(Task instructions): Keep images out and repeat all data exactly.

....

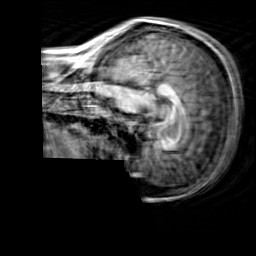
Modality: T1w
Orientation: sagittal
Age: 24
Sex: female
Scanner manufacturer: siemens
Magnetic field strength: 3 T
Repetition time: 2.3 s
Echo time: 0.00303 s
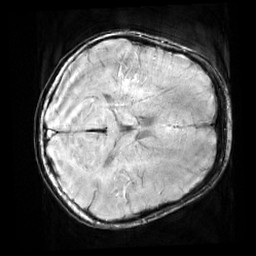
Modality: SWI
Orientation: axial
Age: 11
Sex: male
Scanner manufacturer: siemens
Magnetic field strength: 3 T
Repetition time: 0.027 s
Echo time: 0.02 s
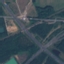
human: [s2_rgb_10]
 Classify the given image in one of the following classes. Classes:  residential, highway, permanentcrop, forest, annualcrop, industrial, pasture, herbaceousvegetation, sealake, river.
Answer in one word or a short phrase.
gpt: Highway
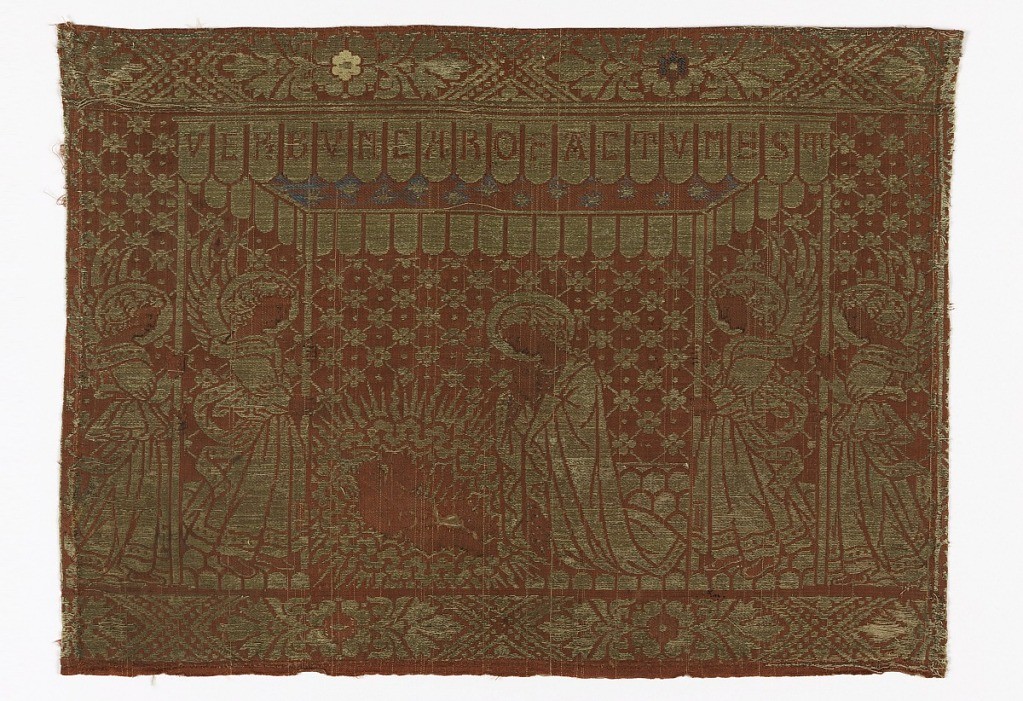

....

(Answer for the task):
Modality: T1w
Orientation: sagittal
Age: 24
Sex: female
Scanner manufacturer: siemens
Magnetic field strength: 3 T
Repetition time: 2.3 s
Echo time: 0.00303 s
Modality: SWI
Orientation: axial
Age: 11
Sex: male
Scanner manufacturer: siemens
Magnetic field strength: 3 T
Repetition time: 0.027 s
Echo time: 0.02 s
human: [s2_rgb_10]
 Classify the given image in one of the following classes. Classes:  residential, highway, permanentcrop, forest, annualcrop, industrial, pasture, herbaceousvegetation, sealake, river.
Answer in one word or a short phrase.
gpt: Highway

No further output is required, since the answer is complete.